Wednesday, 22 July 2009

Guest Columnist: The Mekon


We can’t all be super-celebrities, you know. For every Galactus or Ming The Merciless, there are a hundred jobbing threats to humanity like me. We’re not in it for the glory, or because it’s part of some gigantic master plan. Sure, those things can be satisfying when you get them, but generally we’re like the average man on the street. We consider it a good month if we don’t die, and the pay-check gets into the bank on time.

Anyway, I’ve been leader of the Treens for over fifty years now. Back in the glory days, it was all fine. We had all of Venus, and let me tell you, we actually had a budget back then. These days all the money’s dried up. They actually tried to take my Little Floating Saucer™ away, claiming that the power costs were extortionate. I had to get out my proof of disability paperwork and everything. They couldn’t see why having a giant deformed head prevented me from walking. I told them that I couldn’t see why they thought that being dicks prevented me from throwing them into the cold, unforgiving vacuum of space. Score one for me.

You know Dare and Digby are a gay couple, right? Come on, read between the lines.

Anyway, a typical day for me is to get into the office around about 9:00, although if the Venusian Monorail is a late, it doesn’t really matter. Things tend to run to my schedule around here. I’ll get Lackey #46 to stick a pot of coffee on, and we’ll call an update meeting shortly afterwards. The meetings are relatively simple, and are usually just brainstorming sessions about what sort of Dan-Dare-Proof super-weapon we can use this time.

Once I suggested that maybe we should just gather all our forces into one massive army and storm Earth in one huge tank strike. This lead to much shaking of heads around the table, and mutterings of phrases like “Leave Mekonta undefended?” and “Has he never played Risk?”. I tried to brush it off, but the batteries in my Little Floating Saucer™ chose that moment to die, and I crashed to the floor, severely bruising my coccyx.

Anyway, after the agenda for the day is sorted we’ll get on with whatever needs doing. If we’re really busy there can be some late night, but we’re on Flexi-Time, so it’s not all bad. And if it’s really quiet, then I usually entertain myself by practicing my evil glower atop my Little Floating Saucer™.

For lunch we have a canteen, but I can’t lie, the quality of the food isn’t great. That’s because due to the Credit Crunch we seriously had to restrict the budget, and now all the catering staff are Theron slaves. They don’t like us much, so I strongly suspect that there’s a lot of bodily fluids in the lasagne. That’s why I always buy the pre-packaged sandwiches.
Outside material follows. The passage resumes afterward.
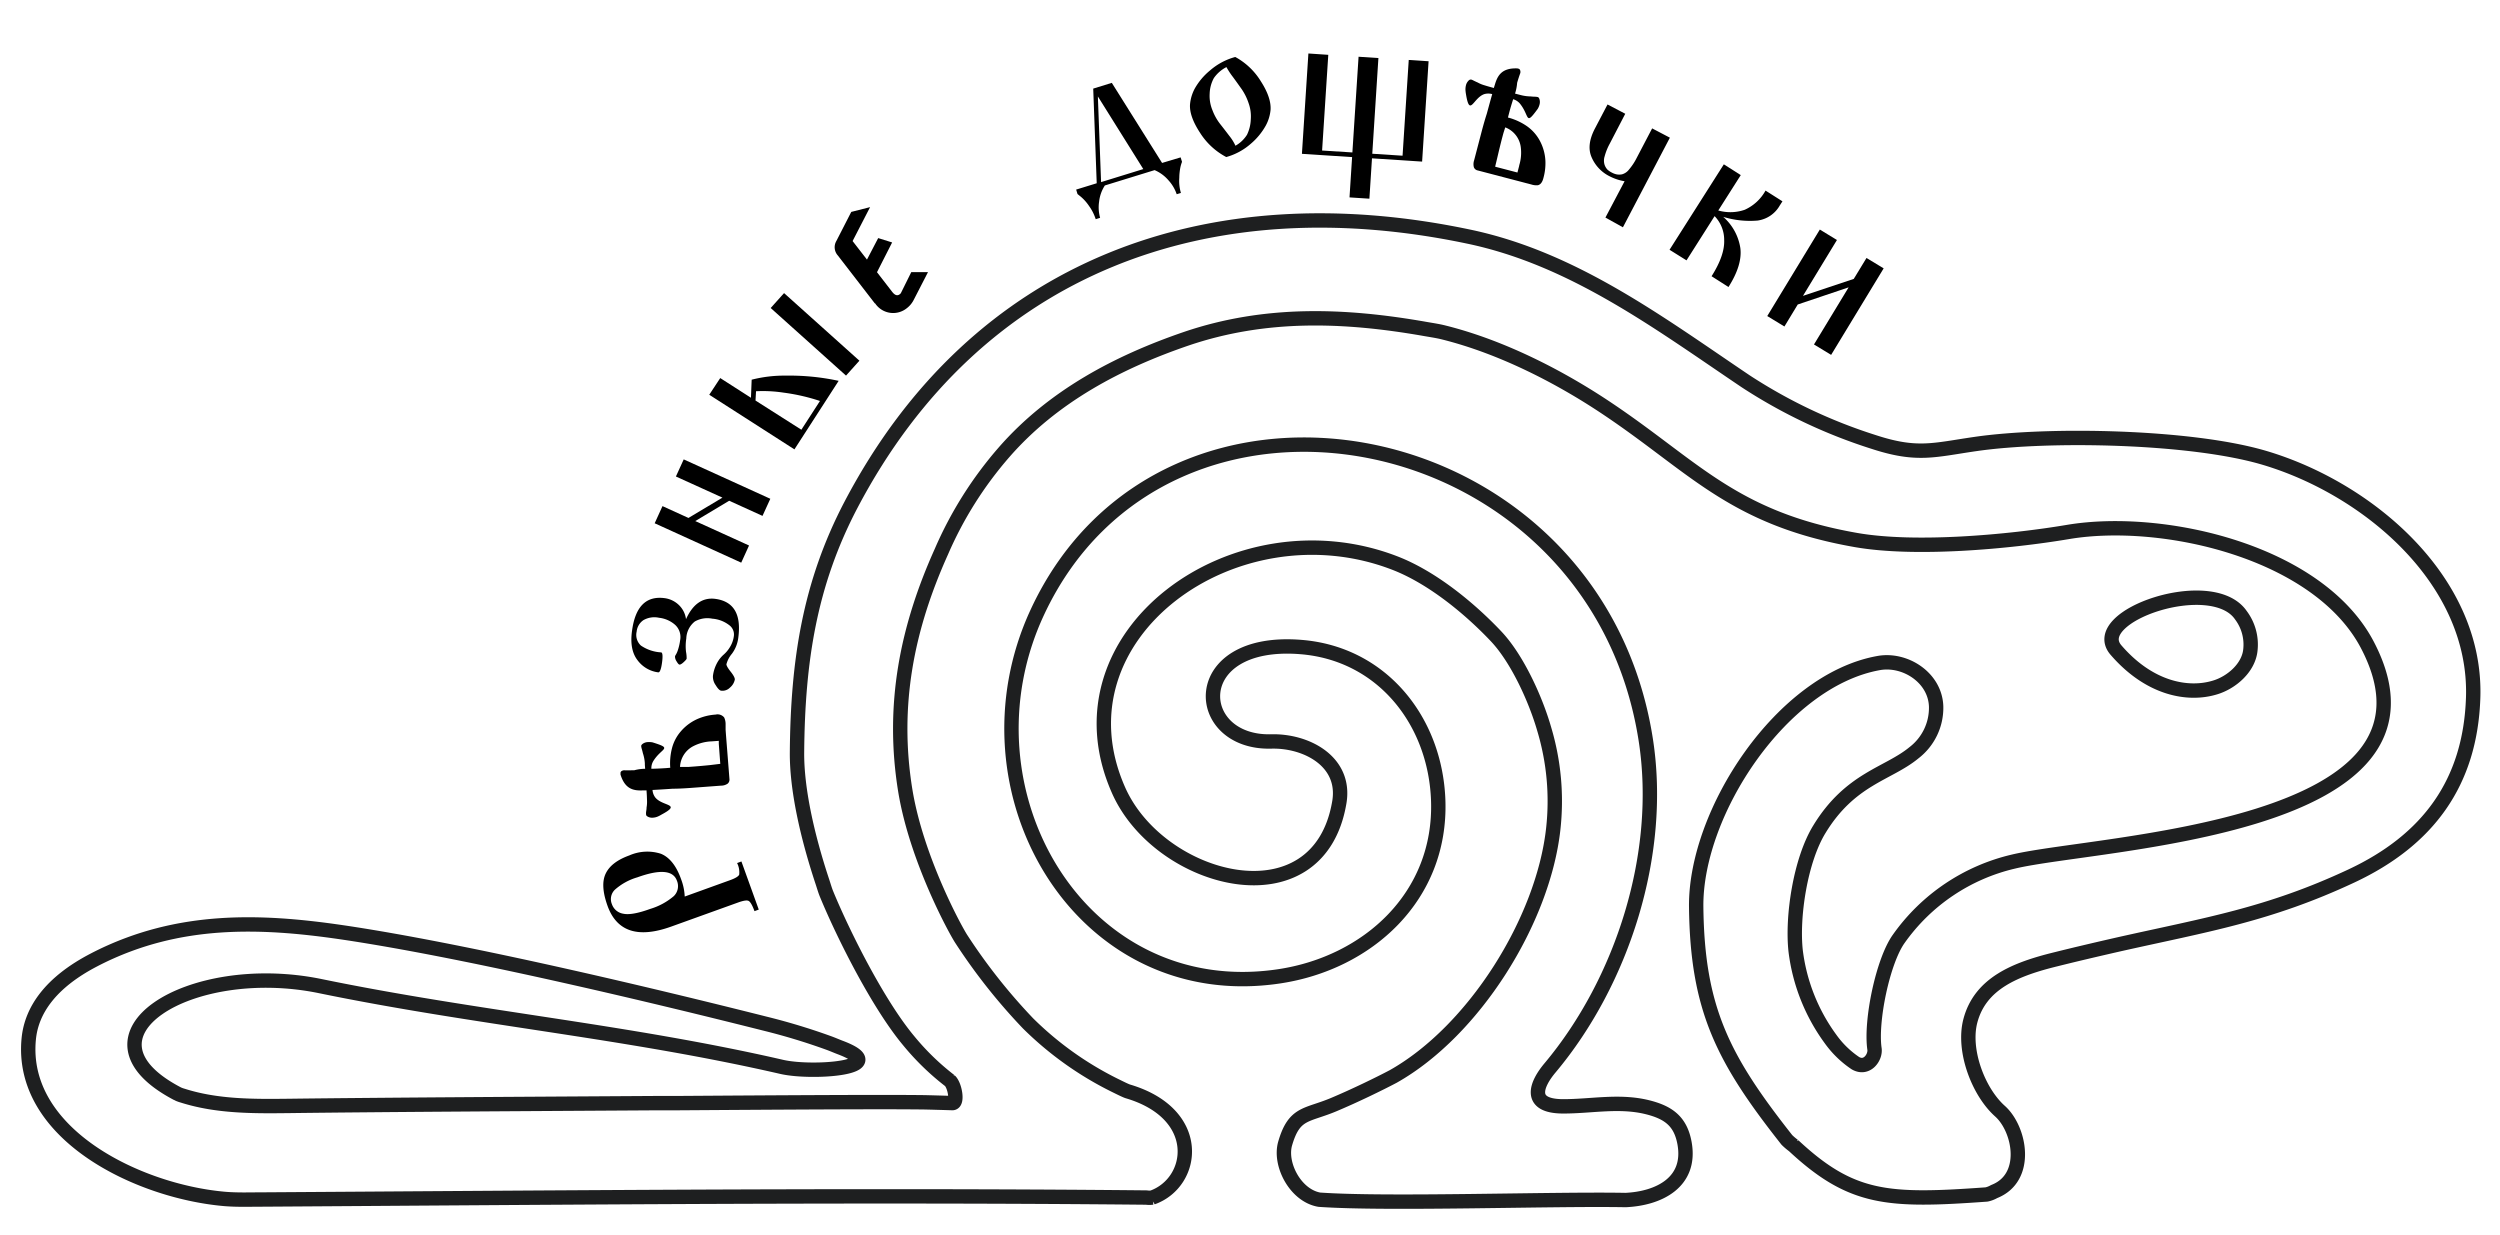 <?xml version="1.0" encoding="UTF-8"?> <svg xmlns="http://www.w3.org/2000/svg" id="Слой_1" data-name="Слой 1" viewBox="0 0 521.67 257.78"><defs><style>.cls-1{fill:none;stroke:#1e1f20;stroke-linejoin:bevel;stroke-width:3px;}</style></defs><path d="M154.71,179.76l-.9.33a4.3,4.3,0,0,1,.44,2.41c-.15.37-.79.76-1.9,1.16l-9.47,3.42a11.59,11.59,0,0,0-.75-3.6c-1-2.84-2.44-4.61-4.23-5.33a9.28,9.28,0,0,0-6.58.35c-2.53.91-4.17,2.18-4.94,3.81s-.63,3.87.4,6.73q2.92,8.07,13.36,4.28l13.88-5c1.12-.4,1.86-.52,2.21-.32s.76.89,1.21,2.13l.89-.33ZM140.59,187a13.56,13.56,0,0,1-4.91,2.66q-3.85,1.4-5.64,1a3,3,0,0,1-2.36-2,2.73,2.73,0,0,1,.62-3,12.17,12.17,0,0,1,4.7-2.59q7.06-2.55,8.24.68A2.9,2.9,0,0,1,140.59,187Z"></path><path d="M246.08,37.12a12,12,0,0,1,.26-2.35,8.23,8.23,0,0,1,.31-1l-.29-.93L242.49,34,232,17.29l-3.88,1.2.73,19.75-4.29,1.32.28.93.72.58A9.41,9.41,0,0,1,227.26,43a9.67,9.67,0,0,1,1.38,2.74l.92-.29a8.05,8.05,0,0,1-.21-3.38,7.76,7.76,0,0,1,1.2-3.37l10.38-3.2a7.85,7.85,0,0,1,2.88,2.11,8.17,8.17,0,0,1,1.73,2.92l.88-.27A8.71,8.71,0,0,1,246.08,37.12ZM229.76,38l-.67-17.88,9.48,15.16Z"></path><path d="M151.47,153.11l-.06-.84,0-.62,0-.61a3.24,3.24,0,0,0-.3-1.33,1.78,1.78,0,0,0-1.78-.6,11.23,11.23,0,0,0-3.38.75,9.78,9.78,0,0,0-3.82,2.68,8.67,8.67,0,0,0-1.9,3.56,12.55,12.55,0,0,0-.37,4.11l-1,.08c-.91.06-1.89.11-2.94.13a2.92,2.92,0,0,1,.38-1.57c1.77-2.9,4.21-2.58-.13-3.94a4.13,4.13,0,0,0-1-.06,2,2,0,0,0-1,.32c-.26.18-.39.36-.37.54a2.92,2.92,0,0,0,.12.57c.07.24.15.53.23.89a8.5,8.5,0,0,1,.41,2.1l0,.32.06.83v0a9,9,0,0,0-2.27.31c-.8,0-1.56.05-2.08,0a1.13,1.13,0,0,0-.51.13.54.54,0,0,0-.28.37c0,.15,0,.28,0,.4.95,3.08,2.75,3.39,4.72,3.3l.72,0,0,.23c.05.58.07,1.18.09,1.8a6.67,6.67,0,0,1-.09,1.52c0,.37-.06.68-.1.93a2.56,2.56,0,0,0,0,.57q0,.27.45.48a1.87,1.87,0,0,0,1,.16,2.93,2.93,0,0,0,1-.24A6.19,6.19,0,0,0,138,170c4.38-2.34.28-1.67-1.27-3.6a2.9,2.9,0,0,1-.57-1.56c1.18-.06,2.51-.14,4.22-.26,1.14,0,2.41-.07,3.8-.17l6.27-.47a2.45,2.45,0,0,0,1.38-.41,1.1,1.1,0,0,0,.38-1Zm-3.31,6.54q-2.06.21-3.75.33l-.81.06-.82,0c-.31,0-.61,0-.88,0a5.11,5.11,0,0,1,2.77-4.34,9.09,9.09,0,0,1,3.82-1l1.5-.11,0,.62.31,4.18Z"></path><path d="M150.55,144.13c-.36,0-.77-.44-1.22-1.18a3,3,0,0,1-.56-1.93,7.63,7.63,0,0,1,.85-2.66,6.39,6.39,0,0,1,1.33-1.71,6.53,6.53,0,0,0,1.35-1.6,5.73,5.73,0,0,0,.84-2.38,2.41,2.41,0,0,0-1-2.24,6.58,6.58,0,0,0-3.5-1.33,5.28,5.28,0,0,0-3.66.59,4.71,4.71,0,0,0-1.77,3.53,10.24,10.24,0,0,0-.06,2.79,7,7,0,0,1,.13,1.39c0,.16-.24.42-.63.78s-.69.52-.86.5-.36-.25-.62-.69a1.85,1.85,0,0,1-.32-1,1.31,1.31,0,0,1,.21-.43,5,5,0,0,0,.44-1.05,10.72,10.72,0,0,0,.42-1.9,3.45,3.45,0,0,0-1.05-3.23,6.07,6.07,0,0,0-3.34-1.47,4.6,4.6,0,0,0-3.28.5,3.26,3.26,0,0,0-1.4,2.39,3,3,0,0,0,.89,2.91,8.29,8.29,0,0,0,4.19,1.42c.33,0,.4.74.22,2.1s-.46,2.12-.79,2.07a6.37,6.37,0,0,1-4.34-2.55q-1.68-2.19-1.14-6.08,1-7.65,6.84-6.85a5.25,5.25,0,0,1,2.89,1.38,5,5,0,0,1,1.54,3c1.44-3.18,3.5-4.59,6.15-4.23q5.76.8,4.75,8.16a7,7,0,0,1-1.31,3.27,5.64,5.64,0,0,0-1.16,2.21c0,.25.26.76.88,1.54s.91,1.35.87,1.67a2.93,2.93,0,0,1-1,1.65A2.17,2.17,0,0,1,150.55,144.13Z"></path><polygon points="154.67 117.41 136.61 109.19 138.24 105.61 143.66 108.08 150.75 103.84 141.04 99.43 142.67 95.86 160.74 104.08 159.11 107.65 152.16 104.49 145.08 108.73 156.3 113.83 154.67 117.41"></polygon><path d="M164,78.38a27.53,27.53,0,0,0-7.15.85L156.7,83l-6.41-4.11L148,82.37l17.77,11.4L175,79.47A48.7,48.7,0,0,0,164,78.38Zm-6.35,5.2.11-1.94a28.58,28.58,0,0,1,5.81.3,41,41,0,0,1,7.53,1.73l-3.88,6Z"></path><rect x="167.99" y="59.22" width="4.18" height="21.12" transform="translate(4.55 149.76) rotate(-48.1)"></rect><path d="M182.55,63.31l-7.72-10a2.57,2.57,0,0,1-.32-3l3.12-6.09,3.93-1-3.65,7.08,3,3.87,2.34-4.49,2.91.91L183,56.8l3.17,4.1c.56.72,1.08.89,1.58.5a.79.79,0,0,0,.28-.33l2.12-4.28h3.49l-3,5.83a5,5,0,0,1-1.39,1.67,4.53,4.53,0,0,1-6.65-1Z"></path><path d="M263.12,17a14.2,14.2,0,0,0-5.36-5.11,13.27,13.27,0,0,0-5.23,2.78,13.46,13.46,0,0,0-3.21,3.79,8.55,8.55,0,0,0-1,3.32q-.17,2.46,2.06,5.88a14.42,14.42,0,0,0,5.5,5.11A13,13,0,0,0,261,30a13.7,13.7,0,0,0,3.13-3.8,8.52,8.52,0,0,0,1-3.32C265.22,21.2,264.56,19.24,263.12,17ZM261,24.88a8,8,0,0,1-.79,3.24,6.77,6.77,0,0,1-2.41,2.29,9.67,9.67,0,0,0-1.29-2.07c-.66-.87-1.29-1.69-1.9-2.46A10.85,10.85,0,0,1,253,23a7.77,7.77,0,0,1-.58-3.47,7.24,7.24,0,0,1,.87-3.23A7.15,7.15,0,0,1,255.92,14a15.42,15.42,0,0,0,1.35,2.06c.67.91,1.27,1.76,1.82,2.53a11.63,11.63,0,0,1,1.43,2.87A8.15,8.15,0,0,1,261,24.88Z"></path><polygon points="271.67 32.1 273.02 11.16 277.17 11.44 275.88 31.41 282.2 31.81 283.49 11.84 287.63 12.11 286.35 32.08 292.67 32.49 293.96 12.51 298.1 12.78 296.75 33.72 286.29 33.04 285.75 41.46 281.6 41.19 282.14 32.78 271.67 32.1"></polygon><path d="M322.48,33.64a9.87,9.87,0,0,0-1.29-4.49,8.77,8.77,0,0,0-2.76-2.95,12.57,12.57,0,0,0-3.77-1.68l.26-1c.23-.89.51-1.82.83-2.82a3,3,0,0,1,1.36.86c2.16,2.62,1.08,4.82,3.76,1.16a3.44,3.44,0,0,0,.39-.94,2,2,0,0,0,0-1c-.08-.31-.21-.48-.39-.53a3.25,3.25,0,0,0-.57-.07,8.58,8.58,0,0,1-.92-.06,8.67,8.67,0,0,1-2.12-.3l-.31-.08-.81-.21h0a9.84,9.84,0,0,0,.44-2.26c.22-.76.46-1.48.65-2a1,1,0,0,0,0-.52.54.54,0,0,0-.26-.38,1.6,1.6,0,0,0-.39-.1c-3.22-.1-4.09,1.5-4.65,3.4q-.11.33-.21.69l-.22-.06c-.55-.15-1.13-.31-1.73-.5a6.33,6.33,0,0,1-1.41-.58c-.33-.14-.61-.28-.84-.39a2.79,2.79,0,0,0-.53-.23c-.17,0-.37,0-.6.28a2,2,0,0,0-.49.91,3.38,3.38,0,0,0-.1,1.05,8.05,8.05,0,0,0,.1.8c.8,4.9,1.49.8,3.82,0a3,3,0,0,1,1.66,0c-.33,1.14-.68,2.43-1.13,4.08-.35,1.08-.7,2.3-1.06,3.66l-1.59,6.08a2.56,2.56,0,0,0-.05,1.44,1.08,1.08,0,0,0,.82.67l9.17,2.4.83.22.59.15.6.16a3.3,3.3,0,0,0,1.35.15c.55-.13.93-.63,1.15-1.5A11.55,11.55,0,0,0,322.48,33.64Zm-5.46.9L316.64,36l-.6-.16L312,34.79c0-.1.19-.82.5-2.15s.61-2.56.89-3.65l.21-.79c.06-.22.13-.48.23-.79s.18-.58.27-.83a5.1,5.1,0,0,1,3.22,4A9,9,0,0,1,317,34.54Z"></path><path d="M332.82,26.8l2.62-5,3.7,1.94L335.89,30a12,12,0,0,0-1.06,2.65,2.9,2.9,0,0,0,0,1.75,2.78,2.78,0,0,0,.6,1,4.07,4.07,0,0,0,.88.6,3.89,3.89,0,0,0,1,.38,3,3,0,0,0,1.14,0,2.77,2.77,0,0,0,1.47-1,12.06,12.06,0,0,0,1.58-2.38l3.25-6.21,3.7,1.94-9.8,18.7L335,45.4l4-7.58a10.53,10.53,0,0,1-3.05-1,7.89,7.89,0,0,1-3.83-4Q331,30.27,332.82,26.8Z"></path><path d="M348.38,52.12l11.33-17.83,3.53,2.25-4.69,7.38a9.18,9.18,0,0,0,5.53-.15,9.32,9.32,0,0,0,4.33-4l3.53,2.24-.56.87a6.3,6.3,0,0,1-4.6,3.14,18.94,18.94,0,0,1-7.2-.77,10.87,10.87,0,0,1,3.57,6.48q.47,3.53-2.47,8.16l-3.53-2.25q2.76-4.35,2.63-7.54a7.09,7.09,0,0,0-2-5l-5.86,9.23Z"></path><polygon points="368.77 65.95 379.74 47.9 383.31 50.08 376.22 61.74 386.82 58.2 389.48 53.83 393.06 56 382.1 74.05 378.52 71.88 385.75 59.96 375.13 63.54 372.35 68.13 368.77 65.95"></polygon><path class="cls-1" d="M353.94,189.21c-.2-19.7,17.85-47.23,38.07-50.85,5.47-1,11.82,3,12,9.08a11.82,11.82,0,0,1-4.62,9.63c-5.39,4.46-13.28,5.35-19.76,16-3.94,6.44-5.73,18.21-4.93,25.4A39.2,39.2,0,0,0,382,216.84a20.25,20.25,0,0,0,5.15,5c2.4,1.41,4.24-1.21,4-2.94-.86-5.78,1.73-18.35,5.06-23a40.65,40.65,0,0,1,23.95-16.12c17.6-4.21,93.88-6.41,73.94-45C484,115.13,451.42,107.68,431.56,111c-12.38,2.09-31.89,3.85-44.25,1.69-26.41-4.63-34.16-15.87-53.57-28.51-8.21-5.34-20-11.69-32.5-14.81-1.23-.31-2.5-.49-3.75-.71-17-3-33.43-3.57-49.89,2-14.4,4.92-27.94,12.1-38.06,23.68a79.59,79.59,0,0,0-13.1,20.77C189.28,131,186,147.1,188.91,165c2.35,14.31,10.53,29.22,11.72,31a120.63,120.63,0,0,0,13.89,17.55,69.41,69.41,0,0,0,18,12.87c1.4.69,2.37,1.17,2.81,1.31,15.94,4.71,14,19,5.12,22.16a4.16,4.16,0,0,1-1.24,0c-31.94-.32-65.76-.29-99.65-.13-28.53.14-57.12.36-84.68.54-2.74,0-5.39.11-8.12-.13C28.6,248.54,4.07,236.53,6,216.77c.57-5.93,4.52-11.71,13.49-16.4a63.46,63.46,0,0,1,7.37-3.28c16.86-6.26,33.84-4.36,50.3-1.64,24.45,4.05,58.06,12,82.47,18.15A132,132,0,0,1,173,217.66c.79.29,1.52.61,2.22.88,11.5,4.29-5.68,5.56-12.07,4.09-32.54-7.48-63.6-10.13-96.32-16.86-27.29-5.61-52.93,10.42-29.7,22.5a6.51,6.51,0,0,0,1,.36c7.22,2.3,14.9,2.23,22.41,2.14,19.89-.25,49.61-.41,76.33-.58l4.24,0c22.18-.15,41.82-.28,51.14-.18.94,0,5.77.15,6.49.17,1.15,0,.53-3.7-.54-4.68a52.69,52.69,0,0,1-8.59-8.34c-6.21-7.43-13.43-21.64-17.12-30.57-.34-.82-.58-1.69-.86-2.53-3.27-9.85-5.39-19.59-5.32-27.12.16-18.91,2.59-35,11.21-51.5C203.83,55.27,252.27,38,306.35,49.35c21.91,4.56,39.78,18,57.94,30.23a108.83,108.83,0,0,0,26.64,12.63c9.14,3,12.61,1.69,21.29.44,15.18-2.21,45-1.68,60.37,2.91,21.63,6.45,44.27,25.59,43.48,50-.58,17.83-9.49,29.76-25.37,37.21-17.35,8.13-30.38,10.2-48.54,14.28C438,198,433.69,199,429,200.17c-8.39,2.06-15.81,5-17.86,12.89-1.59,6.14,1.68,14.78,6.2,18.81,4.22,3.78,6.1,13.92-1.23,16.77a5.31,5.31,0,0,1-1.59.61c-20.57,1.48-28.12,1.11-40.26-10.2a12.38,12.38,0,0,1-1.4-1.19C359.56,221,354.17,210.6,353.94,189.21Z"></path><path class="cls-1" d="M324.11,173a52.32,52.32,0,0,0-1.89-20.89c-1.77-6.15-5.58-14.59-10-19.29-5.6-5.93-13.43-12.34-21.14-15.32-33.35-12.9-72,15-57.68,47.38,8.53,19.33,41.8,28.1,46.08,2.5,1.42-8.5-6.9-12.85-14.19-12.66-16.58.46-17.79-21.59,6.09-19.71,17,1.32,28.14,15.42,28.73,32,.71,20-14.65,33.94-33.2,36.72-41.48,6.22-67.69-38.78-50.49-75.89,26.76-57.7,116.49-40.93,127,26.53,3.71,23.86-4.91,50.5-20,68.49-2.8,3.34-4.78,8,2.8,8,5.88,0,11.63-1.26,17.46.16,4.45,1.09,7,2.94,7.83,7.52,1.48,8.18-5.36,11.56-12.32,11.87-15.23-.29-49.47.94-63.88-.07-5-.86-8.4-7.42-7.13-11.75,1.91-6.57,4.5-5.71,10.17-8.11,4.33-1.82,9.49-4.33,12.38-5.86C307.61,215.1,322,192.09,324.11,173Z"></path><path class="cls-1" d="M441.54,135.65c7.08,8.19,15.13,9.47,20.58,7.83,3.46-1,7.13-4.11,7.47-7.91a10.18,10.18,0,0,0-2-7.21C461.54,119.58,435.41,128.57,441.54,135.65Z"></path></svg>

We’ll plan a major invasion or attack plan for roughly every six weeks or so, but we’re fairly flexible. You have to be with so many different factors that can be called into play. One time we were planning on opening a black hole right next to Your Feeble Planet Earth, and everything was just about ready to start and...guess what? Sodding power-cut. All of Venus was totally blacked out. That was what led to “Blaming Everything on Dan Dare and Digby” being added to the swear-box list.

The Christmas Party is always a big hit. Last year, I went dressed as Digby, that insufferable fool Dare’s sidekick. I had a big white pompadour hairdo, and said things with a stupid Lancashire accent, like “oooh....Dare...happen we’re in t’trouble wit’ t’Mekon”. Just so that everyone got the message, I also wore a big sparkly dress and high heels, with a sash that read “I am gay for Dan Dare”. I got a few funny looks on the monorail on the way to the office, but I knew it was going to be worth it. When I got there I found out that it wasn’t a fancy dress party after all, but everyone had a good laugh about it.

When I get back home from the office, I just like to kick back and hang out like a regular guy. I like movies, and I’m quite the World of Warcraft fan. I don’t have a girlfriend at the moment, as being Ruler of the Treens of Northern Venus tends to be the main thing in your life, and girls don’t really understand that. I do have a ferret though. His name’s Gil-Galad.

Like I say, I’m just one of a thousand threats to your homes and welfare. We’re the hard working ones that you don’t hear about so often, but that doesn’t mean that we’re not out there.

I can’t lie, though. Every now and again, just a little bit of recognition would be nice. I mean, I am relatively well-know, right? I mean, I’m no Skeletor but I’m more famous than Cy-Kill or Master Control Program. Just once it’d be nice if someone in the street stopped me and asked me for an autograph. I work hard at this stuff, you know. One time I was in the queue at the Post Office, and I heard an old-lady say, “Excuse me, but aren’t you...”, so I turned, ready to give her the full “Foolish Human!” jazz...and it turns out that she’s talking to Patsy Palmer. I know she’s a more successful TV actor than me, but let’s be fair – she’s a ginger actress in her thirties, I’m a gigantic headed green guy sitting on a Little Floating Saucer™. Who would you notice?